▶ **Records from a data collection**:
===============
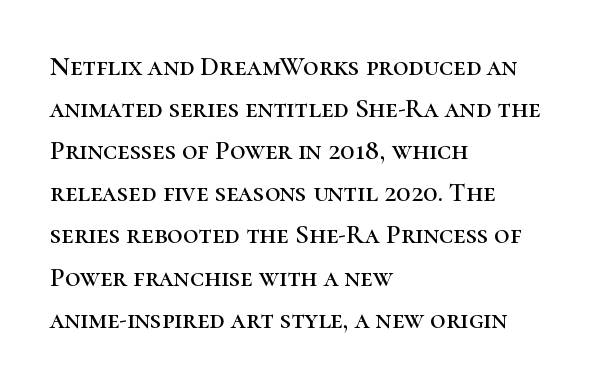
Q: Is the text italic (slanted)? A: No, it is upright.
Q: Is the text underlined? A: No.
Q: How is the paragraph aligned? A: Left-aligned.
Q: Is the spacing between letters normal or unusually wide? A: Normal.
Q: Is the spacing between lines tight, normal or loose? A: Normal.
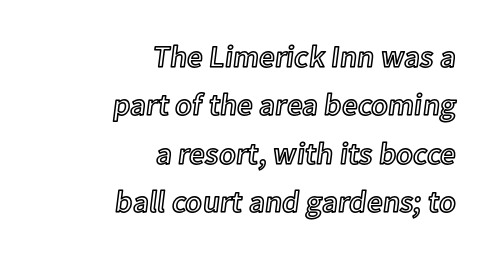
{"width": "normal", "x_height": "medium", "monospaced": "no", "underline": "no", "align": "right", "line_spacing": "normal", "line_spacing_ratio": 1.56, "letter_spacing": "normal", "letter_spacing_em": 0.0, "glyph_px": 31}
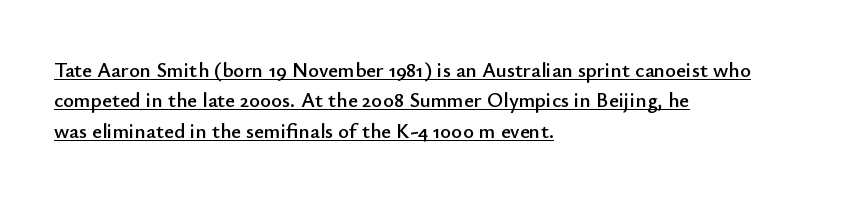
===============
▶ **HOW TO COMPLETE THIS TASK**: Filtering the entries above by the word "between", copy each line that matches.

▶ **ANSWER SECTION**:
Q: Is the spacing between letters normal or unusually wide? A: Normal.
Q: Is the spacing between lines tight, normal or loose? A: Normal.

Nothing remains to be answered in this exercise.